L’horloge N° 8 aurait pu remporter le prix du Parlement britannique si ce prix n’avait pas déjà été attribué à John Harrison. Ferdinand Berthoud a donc aussi résolu – après Harrison et Pierre Le Roy – le problème des longitudes comme on l’entendait au XVIIIe siècle.
Il est intéressant’ de noter l’opinion de M. de Fleurieu, le commandant de l’ « Isis », qui s’est particulièrement occupé des horloges de Ferdinand Berthoud au cours d’un voyage de plus d’une année.
Voici ce que M. de Fleurieu écrit dans l’ouvrage signalé : « Tel est le résultat général de l’épreuve des horloges marines de M. Ferdinand Berthoud. On voit assez qu’en supposant même que ces machines ne pussent pas acquérir encore entre ses mains une perfection au-dessus de celle qu’on leur a reconnue, le moyen qu’elles offrent aux marins pour déterminer les Longitudes en mer, est déjà susceptible d’une exactitude supérieure à ce qu’exige l’usage de la Navigation et suffisante pour perfectionner la Géographie. Mais que ne doit-on pas attendre d’un génie fécond lorsqu’il est dirigé par la théorie et l’expérience ? On a tout lieu d’espérer que les nouvelles recherches dont ce célèbre Artiste s’est occupé depuis l’épreuve de ses horloges auront porté cette découverte au plus haut degré de perfection. Je n’ajouterai rien pour relever le mérite et le succès de son travail : il est au-dessus de l’éloge, comme au-dessus de l’envie. Je ne crois pas pouvoir le louer mieux qu’en exposant, en détail, dans le journal de ma navigation, les secours multipliés que ses horloges m’ont fournis, pour redresser l’estime, apprécier l’effet des courants et d la dérive, décider les atterrages, rectifier les cartes marines, dresser enfin, d’après les déterminations des horloges, une nouvelle Carte réduite de toute la partie du globe la plus intéressante, la plus fréquentée, connue sous le nom d’Océan atlantique ou occidental.. »

Conclusion        

Cette étude trop succincte des efforts de Ferdinand Berthoud dans le domaine de la chronométrie de marine montre les grandes qualités de l’horloger du Roi. Berthoud fut non seulement un grand artiste, un horloger habile connaissant à fond son métier ; il possédait les connaissances théoriques si utiles au praticien. On peut être étonné de le voir défendre des opinions déjà peu défendables à la fin du XVIIIe siècle, mais toujours il avance des raisons de bon sens ; il n’ignore pas les acteurs agissant sur la marche des horloges, mais parfois il n’évalue pas bien l’importance de l’un ou de l’autre facteur.
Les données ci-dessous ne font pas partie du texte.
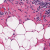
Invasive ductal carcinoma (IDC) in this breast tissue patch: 0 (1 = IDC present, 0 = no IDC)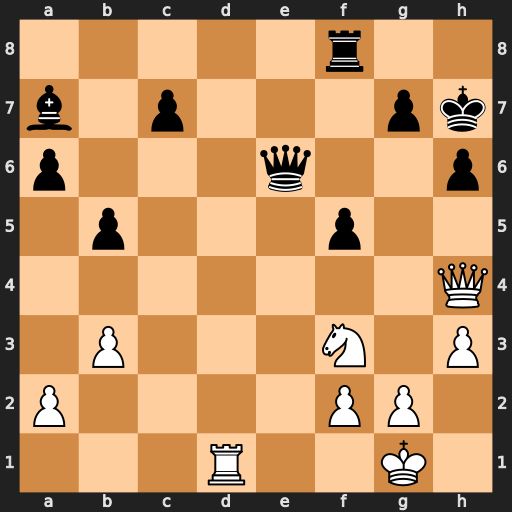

On ne peut pas avoir tous les talents il est certes regrettable que Ferdinand Berthoud n’ait pas eu une connaissance approfondie de la physique et de la mécanique de son temps. Car il avait ce qu’on appelle l’esprit scientifique, le sens de la recherche expérimentale ; il savait observer et inventer, puis construire des instruments tels que sa balance élastique ; enfin il savait douter et ne croyait jamais avoir atteint la perfection.
Avec des idées scientifiques plus claires, Berthoud aurait perdu moins de temps dans ses essais et serait arrivé à des résultats encore plus satisfaisants:
Il est ridicule et vain de regretter, mais on peut imaginer ce qu’aurait été pour l’horlogerie un être ayant la main et la curiosité d’esprit de Ferdinand Berthoud avec l’intelligence et les connaissances scientifiques de Christiaan Huygens.